Chapter 76: The Battering-Ram

A strange fact about the sperm whale’s physiology: most of its head is a tough, boneless, unfeeling mass of flesh. All vital or sensitive organs of the head are protected away from the front of its body, leaving an impenetrable wall — a battering-ram if you will — preceding the whale as it passes through the world.

As is often the case, this simple fact of physiology carries ponderous implications for Ishmael, both practical and philosophical. On the practical side of things, Ishmael tells us that when we’re not believing that Moby DIck could sink the Pequod: believe it. Sperm whales can do that.

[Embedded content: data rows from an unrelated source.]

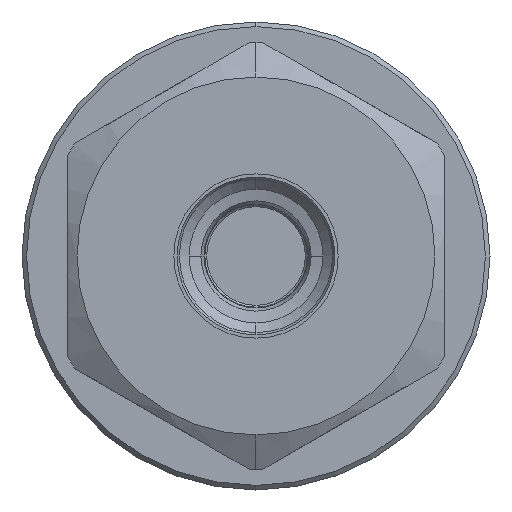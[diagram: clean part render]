
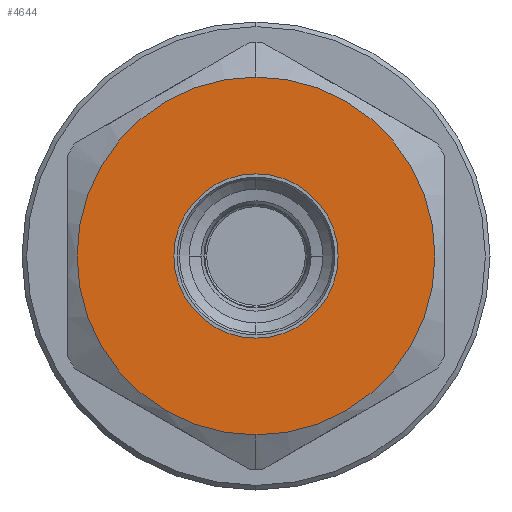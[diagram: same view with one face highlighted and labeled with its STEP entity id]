
A CAD part, left-side view. The second image highlights one B-rep face of the part: STEP entity #4644.
In plain terms, the highlighted planar face has unit normal (-1, 0, 0).
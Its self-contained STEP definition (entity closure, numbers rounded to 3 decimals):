
#112 = EDGE_CURVE ( 'NONE', #2641, #1164, #1551, .T. ) ;
#161 = CARTESIAN_POINT ( 'NONE',  ( 0., 0., 0. ) ) ;
#172 = EDGE_CURVE ( 'NONE', #1164, #2641, #1406, .T. ) ;
#210 = FACE_OUTER_BOUND ( 'NONE', #1680, .T. ) ;
#678 = VERTEX_POINT ( 'NONE', #1958 ) ;
#717 = DIRECTION ( 'NONE',  ( 0., 0., 1. ) ) ;
#719 = ORIENTED_EDGE ( 'NONE', *, *, #3445, .F. ) ;
#895 = AXIS2_PLACEMENT_3D ( 'NONE', #3598, #1110, #717 ) ;
#903 = CARTESIAN_POINT ( 'NONE',  ( 0., 8.955, 0. ) ) ;
#1048 = EDGE_CURVE ( 'NONE', #678, #5849, #4202, .T. ) ;
#1095 = AXIS2_PLACEMENT_3D ( 'NONE', #2705, #5320, #1339 ) ;
#1110 = DIRECTION ( 'NONE',  ( -1., 0., 0. ) ) ;
#1164 = VERTEX_POINT ( 'NONE', #5720 ) ;
#1180 = FACE_BOUND ( 'NONE', #5647, .T. ) ;
#1339 = DIRECTION ( 'NONE',  ( 0., 0., -1. ) ) ;
#1356 = DIRECTION ( 'NONE',  ( 0., 0., -1. ) ) ;
#1406 = CIRCLE ( 'NONE', #4781, 19.5 ) ;
#1427 = DIRECTION ( 'NONE',  ( 0., 0., -1. ) ) ;
#1551 = CIRCLE ( 'NONE', #1095, 19.5 ) ;
#1680 = EDGE_LOOP ( 'NONE', ( #1806, #2154 ) ) ;
#1806 = ORIENTED_EDGE ( 'NONE', *, *, #112, .F. ) ;
#1821 = DIRECTION ( 'NONE',  ( -1., 0., 0. ) ) ;
#1958 = CARTESIAN_POINT ( 'NONE',  ( 0., 0., 8.955 ) ) ;
#1969 = CIRCLE ( 'NONE', #6227, 8.955 ) ;
#2154 = ORIENTED_EDGE ( 'NONE', *, *, #172, .F. ) ;
#2555 = DIRECTION ( 'NONE',  ( 1., 0., 0. ) ) ;
#2641 = VERTEX_POINT ( 'NONE', #3167 ) ;
#2705 = CARTESIAN_POINT ( 'NONE',  ( 0., 0., 0. ) ) ;
#3167 = CARTESIAN_POINT ( 'NONE',  ( 0., 0., -19.5 ) ) ;
#3445 = EDGE_CURVE ( 'NONE', #5849, #678, #1969, .T. ) ;
#3461 = ORIENTED_EDGE ( 'NONE', *, *, #1048, .F. ) ;
#3598 = CARTESIAN_POINT ( 'NONE',  ( 0., 0., 0. ) ) ;
#3602 = AXIS2_PLACEMENT_3D ( 'NONE', #903, #4808, #1427 ) ;
#3716 = DIRECTION ( 'NONE',  ( 0., 0., 1. ) ) ;
#4079 = PLANE ( 'NONE',  #3602 ) ;
#4202 = CIRCLE ( 'NONE', #895, 8.955 ) ;
#4221 = CARTESIAN_POINT ( 'NONE',  ( 0., 0., 0. ) ) ;
#4644 = ADVANCED_FACE ( 'NONE', ( #210, #1180 ), #4079, .F. ) ;
#4781 = AXIS2_PLACEMENT_3D ( 'NONE', #161, #2555, #1356 ) ;
#4808 = DIRECTION ( 'NONE',  ( 1., 0., 0. ) ) ;
#5261 = CARTESIAN_POINT ( 'NONE',  ( 0., 0., -8.955 ) ) ;
#5320 = DIRECTION ( 'NONE',  ( 1., 0., 0. ) ) ;
#5647 = EDGE_LOOP ( 'NONE', ( #3461, #719 ) ) ;
#5720 = CARTESIAN_POINT ( 'NONE',  ( 0., 0., 19.5 ) ) ;
#5849 = VERTEX_POINT ( 'NONE', #5261 ) ;
#6227 = AXIS2_PLACEMENT_3D ( 'NONE', #4221, #1821, #3716 ) ;
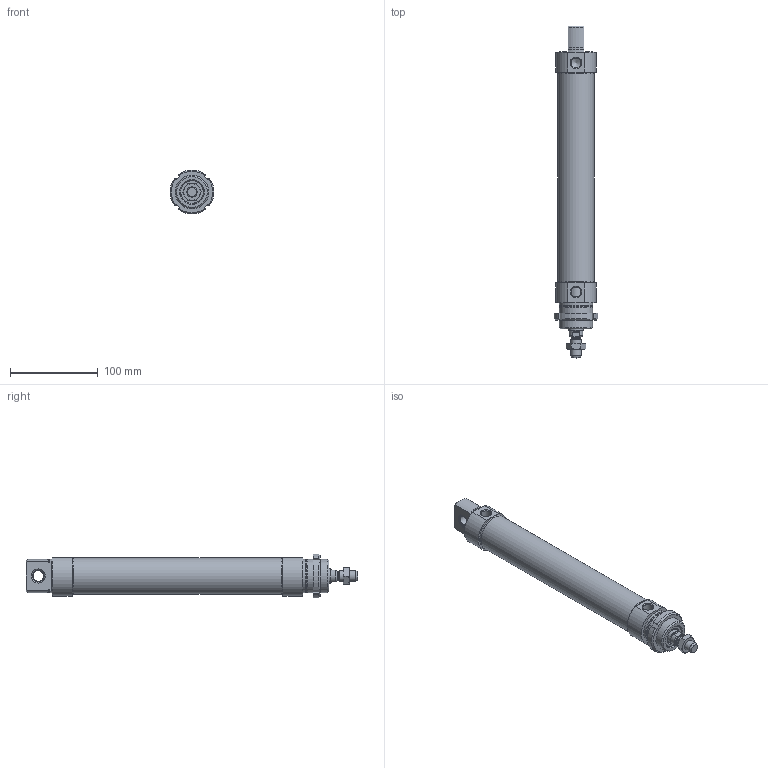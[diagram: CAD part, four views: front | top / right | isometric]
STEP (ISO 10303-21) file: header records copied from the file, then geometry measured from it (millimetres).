
FILE_DESCRIPTION(/* description */ (''),/* implementation_level */ '2;1');
FILE_NAME(/* name */ 'ODM040.200.GS.M.stp',/* time_stamp */ '2019-09-19T16:03:00+02:00',/* author */ ('carlo.corazza'),/* organization */ (''),/* preprocessor_version */ 'ST-DEVELOPER v16.5',/* originating_system */ 'Autodesk Inventor 2017',/* authorisation */ '');
FILE_SCHEMA (('AUTOMOTIVE_DESIGN { 1 0 10303 214 3 1 1 }'));
Length unit declared in the file: millimetre
Products named in the file (7): ODM040.200.GS.M; TP; TA; CORPO-200; STELO-200; 29.2012.000.2; GHI040
Assembly tree (6 placements, depth 2):
  ODM040.200.GS.M
    TP
    TA
    CORPO-200
    STELO-200
    29.2012.000.2
    GHI040
Bounding box: 50 x 377.5 x 50 mm (x, y, z)
Volume: 91951.7 mm3; surface area: 110380.4 mm2
Topology: 4 solids, 8 shells, 173 faces, 386 edges, 244 vertices
Faces by surface type: plane 66, cone 53, cylinder 42, torus 12
Full cylindrical faces by diameter (mm): 4 x1, 10 x2, 10.647 x1, 11.445 x2, 12 x1, 13 x1, 14 x1, 15.5 x1, 16 x1, 16.8 x1, 16.847 x1, 17.5 x1, 18 x1, 20.5 x1, 26 x4, 28.5 x1, 36 x1, 36.376 x1, 38 x3, 40 x1, 41.6 x3
Entity records: 4726 total; most frequent: CARTESIAN_POINT 868, DIRECTION 798, ORIENTED_EDGE 596, AXIS2_PLACEMENT_3D 348, EDGE_CURVE 298, EDGE_LOOP 274, VERTEX_POINT 226, FACE_OUTER_BOUND 173
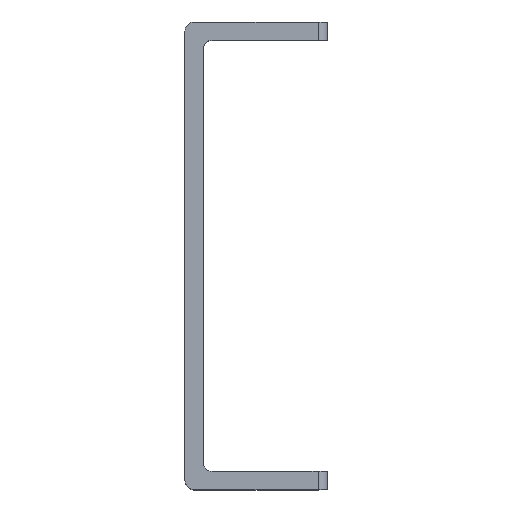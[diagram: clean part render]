
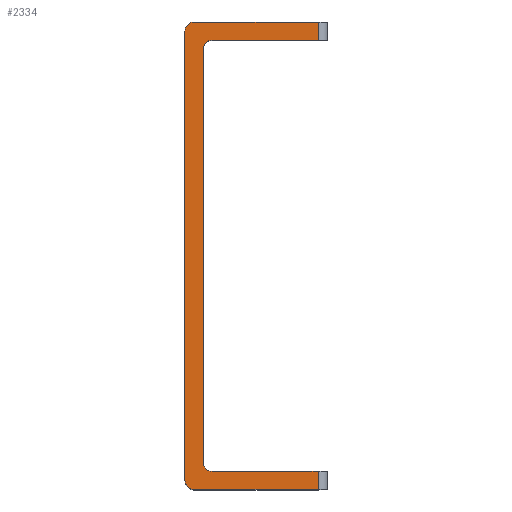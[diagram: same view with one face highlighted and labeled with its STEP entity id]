
A CAD part, top view. The second image highlights one B-rep face of the part: STEP entity #2334.
In plain terms, the highlighted planar face has unit normal (0, 0, 1).
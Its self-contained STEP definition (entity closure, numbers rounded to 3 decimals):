
#1 = CARTESIAN_POINT ( 'NONE',  ( -38.45, -1.3, 17.2 ) ) ;
#25 = DIRECTION ( 'NONE',  ( 0., 1., 0. ) ) ;
#93 = VECTOR ( 'NONE', #2692, 1000. ) ;
#189 = AXIS2_PLACEMENT_3D ( 'NONE', #3534, #942, #3248 ) ;
#271 = CARTESIAN_POINT ( 'NONE',  ( -24.75, -0.3, 17.2 ) ) ;
#292 = LINE ( 'NONE', #1437, #2684 ) ;
#298 = LINE ( 'NONE', #1712, #3561 ) ;
#303 = CARTESIAN_POINT ( 'NONE',  ( -36.45, 46.3, 17.2 ) ) ;
#304 = DIRECTION ( 'NONE',  ( -1., 0., 0. ) ) ;
#345 = EDGE_CURVE ( 'NONE', #516, #2267, #1530, .T. ) ;
#390 = VECTOR ( 'NONE', #419, 1000. ) ;
#419 = DIRECTION ( 'NONE',  ( 1., 0., 0. ) ) ;
#516 = VERTEX_POINT ( 'NONE', #818 ) ;
#520 = AXIS2_PLACEMENT_3D ( 'NONE', #1341, #2483, #1062 ) ;
#546 = EDGE_CURVE ( 'NONE', #2185, #839, #3018, .T. ) ;
#608 = ORIENTED_EDGE ( 'NONE', *, *, #1167, .T. ) ;
#656 = CARTESIAN_POINT ( 'NONE',  ( -24.75, -0.3, 17.2 ) ) ;
#677 = DIRECTION ( 'NONE',  ( 0., -1., 0. ) ) ;
#767 = LINE ( 'NONE', #2761, #1898 ) ;
#783 = CIRCLE ( 'NONE', #189, 1. ) ;
#818 = CARTESIAN_POINT ( 'NONE',  ( -24.75, 49.3, 17.2 ) ) ;
#839 = VERTEX_POINT ( 'NONE', #1787 ) ;
#889 = VERTEX_POINT ( 'NONE', #2439 ) ;
#913 = VECTOR ( 'NONE', #304, 1000. ) ;
#921 = ORIENTED_EDGE ( 'NONE', *, *, #1701, .F. ) ;
#942 = DIRECTION ( 'NONE',  ( 0., 0., -1. ) ) ;
#1029 = CARTESIAN_POINT ( 'NONE',  ( -38.45, -2.3, 17.2 ) ) ;
#1062 = DIRECTION ( 'NONE',  ( 0., 1., 0. ) ) ;
#1065 = EDGE_CURVE ( 'NONE', #839, #889, #292, .T. ) ;
#1167 = EDGE_CURVE ( 'NONE', #3271, #2213, #783, .T. ) ;
#1173 = CARTESIAN_POINT ( 'NONE',  ( -39.45, 49.3, 17.2 ) ) ;
#1254 = ORIENTED_EDGE ( 'NONE', *, *, #2104, .T. ) ;
#1328 = VERTEX_POINT ( 'NONE', #3551 ) ;
#1341 = CARTESIAN_POINT ( 'NONE',  ( -38.45, 48.3, 17.2 ) ) ;
#1342 = LINE ( 'NONE', #1029, #390 ) ;
#1411 = CARTESIAN_POINT ( 'NONE',  ( -38.45, 49.3, 17.2 ) ) ;
#1437 = CARTESIAN_POINT ( 'NONE',  ( -39.45, 48.3, 17.2 ) ) ;
#1510 = CIRCLE ( 'NONE', #1941, 1. ) ;
#1517 = ORIENTED_EDGE ( 'NONE', *, *, #2738, .T. ) ;
#1525 = DIRECTION ( 'NONE',  ( 1., 0., 0. ) ) ;
#1530 = LINE ( 'NONE', #2394, #93 ) ;
#1538 = EDGE_CURVE ( 'NONE', #3231, #3271, #2242, .T. ) ;
#1589 = ORIENTED_EDGE ( 'NONE', *, *, #546, .T. ) ;
#1659 = CARTESIAN_POINT ( 'NONE',  ( -37.45, 0.7, 17.2 ) ) ;
#1693 = AXIS2_PLACEMENT_3D ( 'NONE', #1173, #3184, #1525 ) ;
#1701 = EDGE_CURVE ( 'NONE', #3231, #1328, #2092, .T. ) ;
#1712 = CARTESIAN_POINT ( 'NONE',  ( -37.45, 0.7, 17.2 ) ) ;
#1717 = DIRECTION ( 'NONE',  ( -1., 0., 0. ) ) ;
#1787 = CARTESIAN_POINT ( 'NONE',  ( -39.45, 48.3, 17.2 ) ) ;
#1898 = VECTOR ( 'NONE', #2743, 1000. ) ;
#1931 = CARTESIAN_POINT ( 'NONE',  ( -38.45, -2.3, 17.2 ) ) ;
#1933 = ORIENTED_EDGE ( 'NONE', *, *, #1065, .T. ) ;
#1941 = AXIS2_PLACEMENT_3D ( 'NONE', #303, #3355, #1717 ) ;
#1945 = EDGE_CURVE ( 'NONE', #889, #2235, #1986, .T. ) ;
#1986 = CIRCLE ( 'NONE', #3289, 1. ) ;
#2022 = PLANE ( 'NONE',  #1693 ) ;
#2045 = VECTOR ( 'NONE', #677, 1000. ) ;
#2092 = LINE ( 'NONE', #656, #2045 ) ;
#2104 = EDGE_CURVE ( 'NONE', #2235, #1328, #1342, .T. ) ;
#2185 = VERTEX_POINT ( 'NONE', #1411 ) ;
#2205 = EDGE_CURVE ( 'NONE', #2231, #3385, #1510, .T. ) ;
#2213 = VERTEX_POINT ( 'NONE', #1659 ) ;
#2231 = VERTEX_POINT ( 'NONE', #3679 ) ;
#2235 = VERTEX_POINT ( 'NONE', #1931 ) ;
#2242 = LINE ( 'NONE', #3375, #913 ) ;
#2246 = ORIENTED_EDGE ( 'NONE', *, *, #345, .F. ) ;
#2267 = VERTEX_POINT ( 'NONE', #3131 ) ;
#2271 = DIRECTION ( 'NONE',  ( 0., 0., 1. ) ) ;
#2334 = ADVANCED_FACE ( 'NONE', ( #3169 ), #2022, .T. ) ;
#2335 = ORIENTED_EDGE ( 'NONE', *, *, #1538, .T. ) ;
#2394 = CARTESIAN_POINT ( 'NONE',  ( -24.75, 49.3, 17.2 ) ) ;
#2439 = CARTESIAN_POINT ( 'NONE',  ( -39.45, -1.3, 17.2 ) ) ;
#2483 = DIRECTION ( 'NONE',  ( 0., 0., 1. ) ) ;
#2569 = ORIENTED_EDGE ( 'NONE', *, *, #3488, .F. ) ;
#2615 = DIRECTION ( 'NONE',  ( -1., 0., 0. ) ) ;
#2684 = VECTOR ( 'NONE', #3684, 1000. ) ;
#2692 = DIRECTION ( 'NONE',  ( 0., -1., 0. ) ) ;
#2738 = EDGE_CURVE ( 'NONE', #2213, #2231, #298, .T. ) ;
#2743 = DIRECTION ( 'NONE',  ( 1., 0., 0. ) ) ;
#2759 = EDGE_CURVE ( 'NONE', #2185, #516, #767, .T. ) ;
#2761 = CARTESIAN_POINT ( 'NONE',  ( -38.45, 49.3, 17.2 ) ) ;
#3018 = CIRCLE ( 'NONE', #520, 1. ) ;
#3045 = ORIENTED_EDGE ( 'NONE', *, *, #2205, .T. ) ;
#3131 = CARTESIAN_POINT ( 'NONE',  ( -24.75, 47.3, 17.2 ) ) ;
#3157 = ORIENTED_EDGE ( 'NONE', *, *, #1945, .T. ) ;
#3169 = FACE_OUTER_BOUND ( 'NONE', #3252, .T. ) ;
#3184 = DIRECTION ( 'NONE',  ( 0., 0., 1. ) ) ;
#3187 = CARTESIAN_POINT ( 'NONE',  ( -36.45, 47.3, 17.2 ) ) ;
#3223 = DIRECTION ( 'NONE',  ( -1., 0., 0. ) ) ;
#3231 = VERTEX_POINT ( 'NONE', #271 ) ;
#3248 = DIRECTION ( 'NONE',  ( 0., -1., 0. ) ) ;
#3252 = EDGE_LOOP ( 'NONE', ( #2335, #608, #1517, #3045, #2569, #2246, #3570, #1589, #1933, #3157, #1254, #921 ) ) ;
#3264 = LINE ( 'NONE', #3548, #3651 ) ;
#3271 = VERTEX_POINT ( 'NONE', #3630 ) ;
#3289 = AXIS2_PLACEMENT_3D ( 'NONE', #1, #2271, #2615 ) ;
#3355 = DIRECTION ( 'NONE',  ( 0., 0., -1. ) ) ;
#3375 = CARTESIAN_POINT ( 'NONE',  ( -24.75, -0.3, 17.2 ) ) ;
#3385 = VERTEX_POINT ( 'NONE', #3187 ) ;
#3488 = EDGE_CURVE ( 'NONE', #2267, #3385, #3264, .T. ) ;
#3534 = CARTESIAN_POINT ( 'NONE',  ( -36.45, 0.7, 17.2 ) ) ;
#3548 = CARTESIAN_POINT ( 'NONE',  ( -24.75, 47.3, 17.2 ) ) ;
#3551 = CARTESIAN_POINT ( 'NONE',  ( -24.75, -2.3, 17.2 ) ) ;
#3561 = VECTOR ( 'NONE', #25, 1000. ) ;
#3570 = ORIENTED_EDGE ( 'NONE', *, *, #2759, .F. ) ;
#3630 = CARTESIAN_POINT ( 'NONE',  ( -36.45, -0.3, 17.2 ) ) ;
#3651 = VECTOR ( 'NONE', #3223, 1000. ) ;
#3679 = CARTESIAN_POINT ( 'NONE',  ( -37.45, 46.3, 17.2 ) ) ;
#3684 = DIRECTION ( 'NONE',  ( 0., -1., 0. ) ) ;

The philosophical implications, of course, carry well into the realm of human experience, pointing towards issues of interior life versus exterior life. It can be tempting for us to think that the true whale — the thinking, feeling whale — exists behind the battering ram, and that the battering ram is nothing more than an external wall protecting it. But the most delicate oil found in the whale resides inside that lifeless mass of flesh. How can we separate that flesh from the Truth of the whale?

People often talk about getting past exteriors, getting to know a person’s inner self, as if that were the true self. But people also build walls around themselves — images offensive or defensive — and perhaps in defining a person it isn’t fair to separate out from Truth the battering-ram that person uses to pass through life. Or perhaps the issue is more complex yet. Why does there have to be a true self? Must we always reduce the world to Truth?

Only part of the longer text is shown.